Data items:

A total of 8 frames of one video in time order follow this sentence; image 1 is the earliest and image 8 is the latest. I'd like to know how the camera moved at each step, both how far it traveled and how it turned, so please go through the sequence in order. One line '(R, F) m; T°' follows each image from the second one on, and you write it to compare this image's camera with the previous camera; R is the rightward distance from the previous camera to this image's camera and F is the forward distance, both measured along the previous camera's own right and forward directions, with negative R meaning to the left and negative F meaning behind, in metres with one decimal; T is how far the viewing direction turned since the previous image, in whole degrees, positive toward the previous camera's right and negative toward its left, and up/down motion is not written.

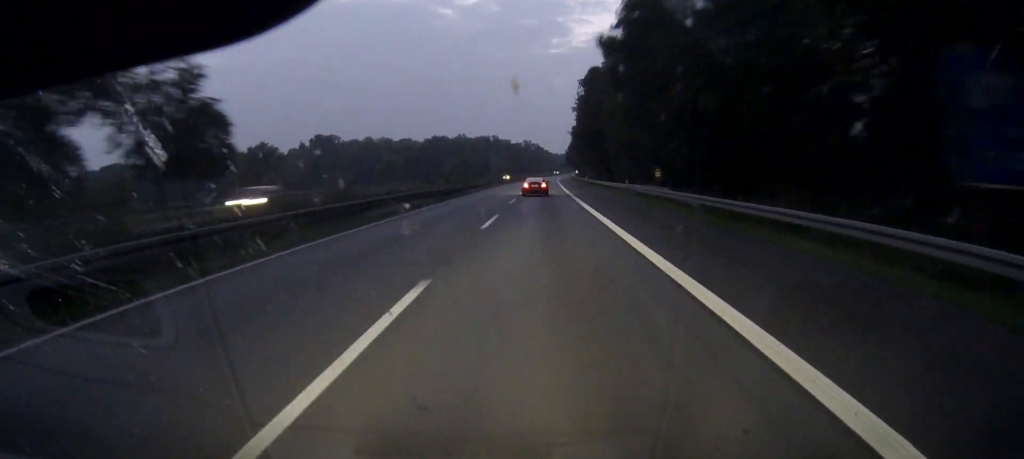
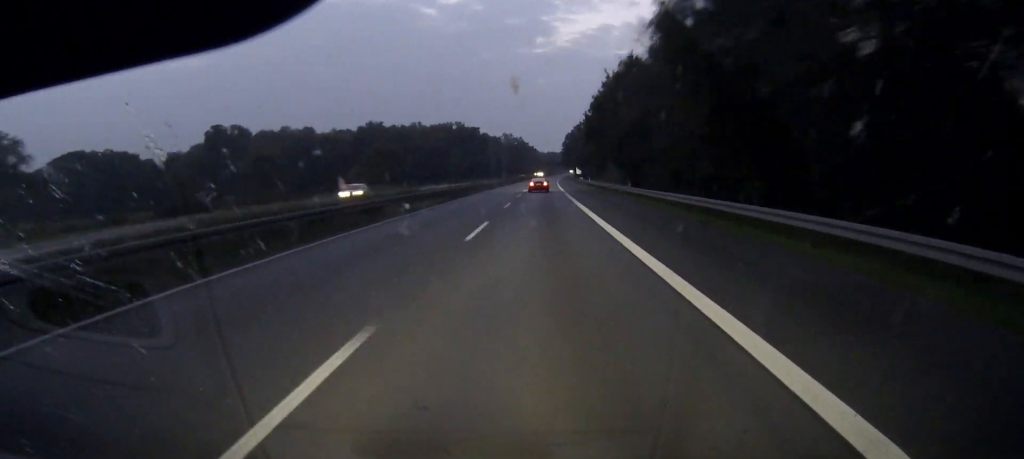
(+1.2, +110.9) m; +1°
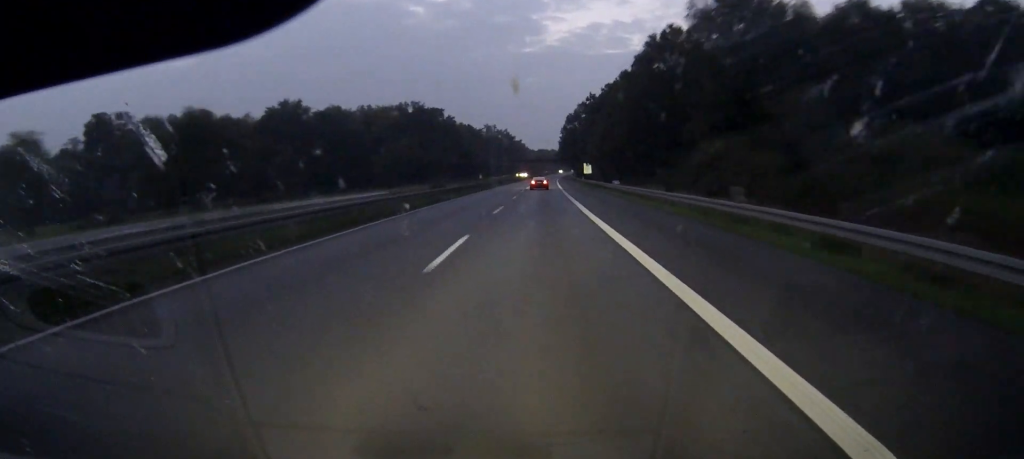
(+0.5, +77.5) m; +1°
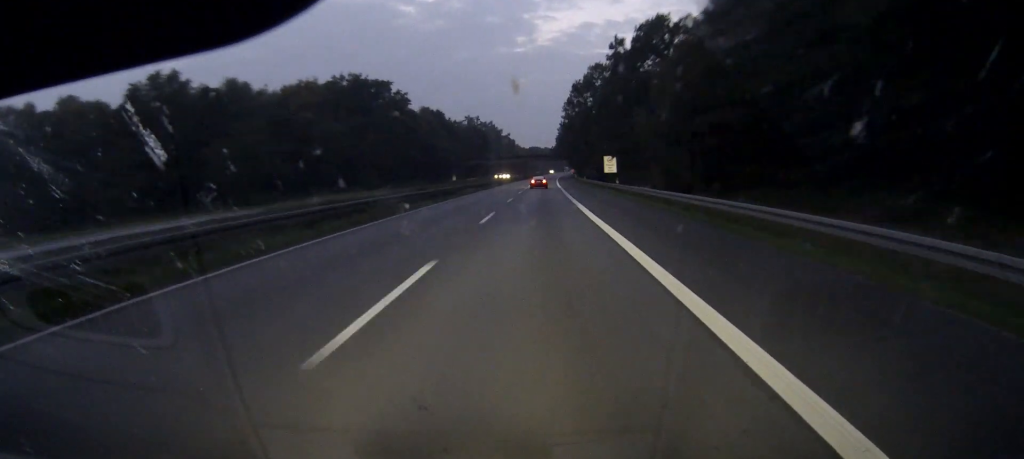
(+0.2, +59.7) m; +1°
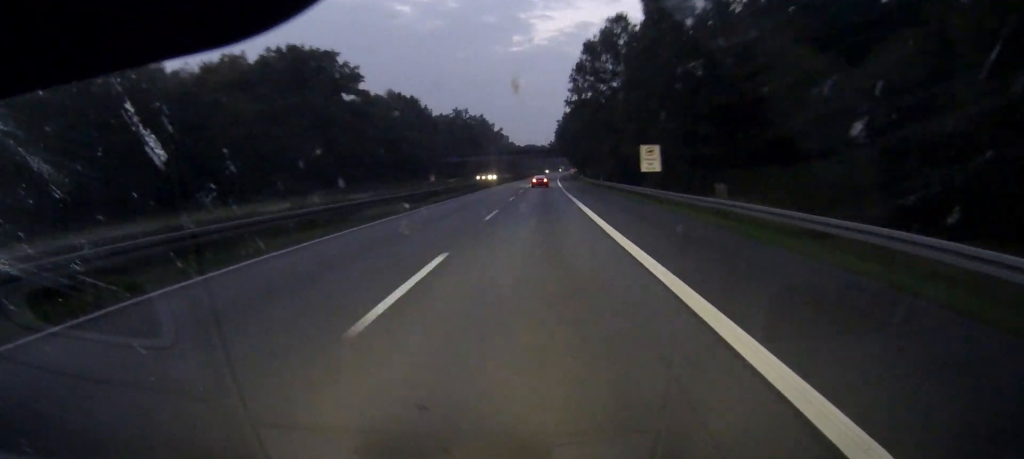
(0.0, +34.4) m; 0°
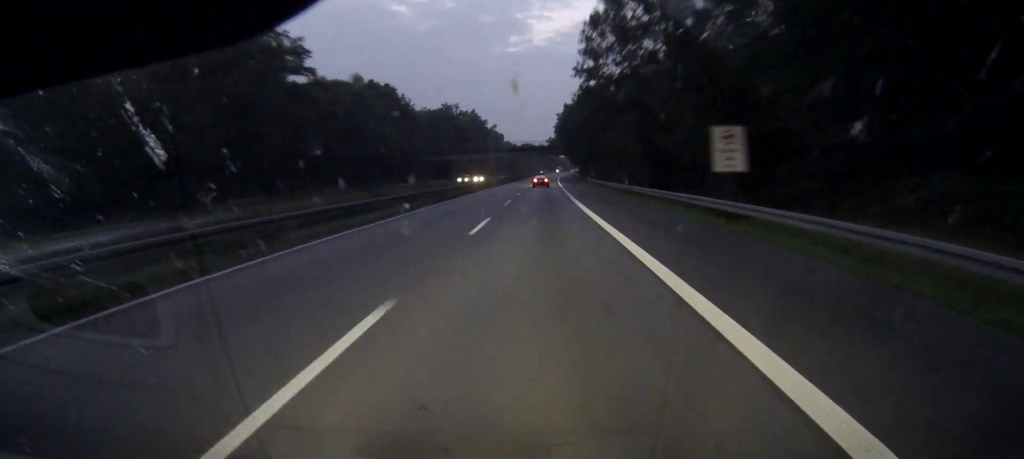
(+0.1, +23.6) m; 0°
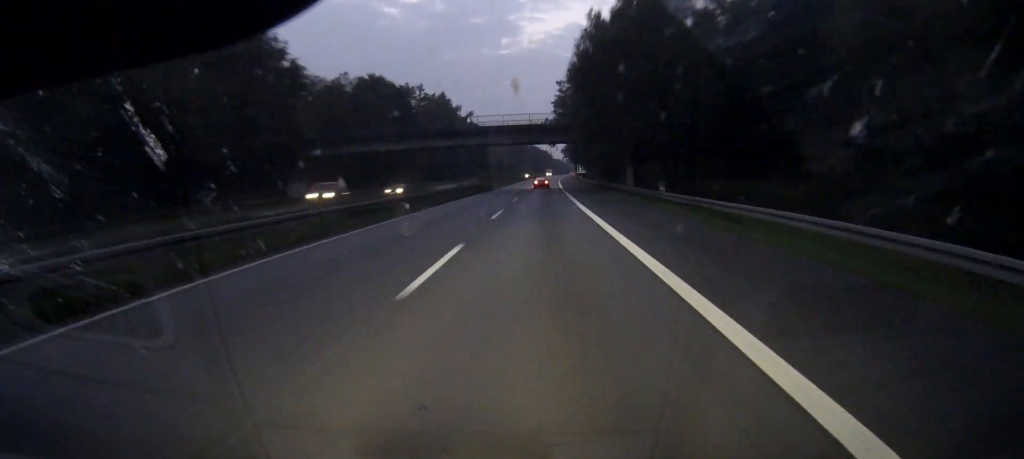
(+0.6, +63.6) m; +1°
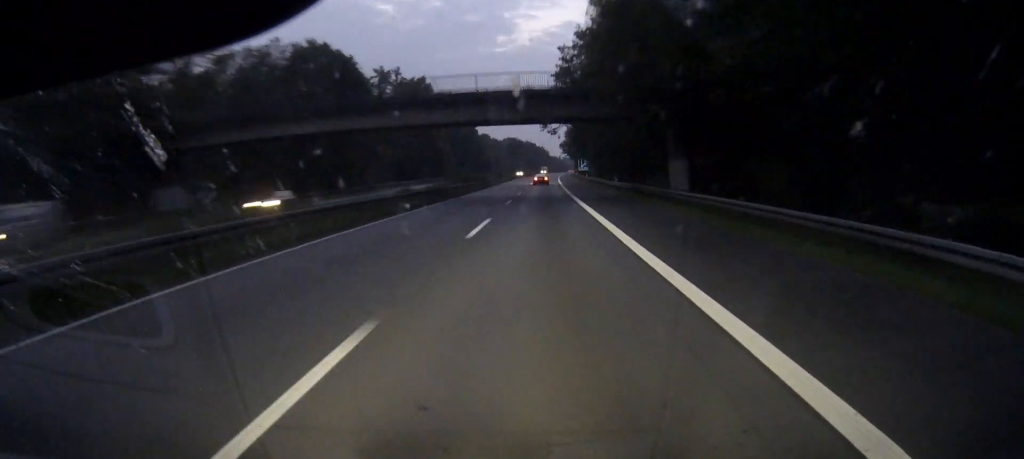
(+0.1, +27.3) m; 0°

Exercise objective: All that is needed is the data above, repeated exactly, without the pictures.

Result below:
A total of 8 frames of one video in time order follow this sentence; image 1 is the earliest and image 8 is the latest. I'd like to know how the camera moved at each step, both how far it traveled and how it turned, so please go through the sequence in order. One line '(R, F) m; T°' follows each image from the second one on, and you write it to compare this image's camera with the previous camera; R is the rightward distance from the previous camera to this image's camera and F is the forward distance, both measured along the previous camera's own right and forward directions, with negative R meaning to the left and negative F meaning behind, in metres with one decimal; T is how far the viewing direction turned since the previous image, in whole degrees, positive toward the previous camera's right and negative toward its left, and up/down motion is not written.

(+1.2, +110.9) m; +1°
(+0.5, +77.5) m; +1°
(+0.2, +59.7) m; +1°
(0.0, +34.4) m; 0°
(+0.1, +23.6) m; 0°
(+0.6, +63.6) m; +1°
(+0.1, +27.3) m; 0°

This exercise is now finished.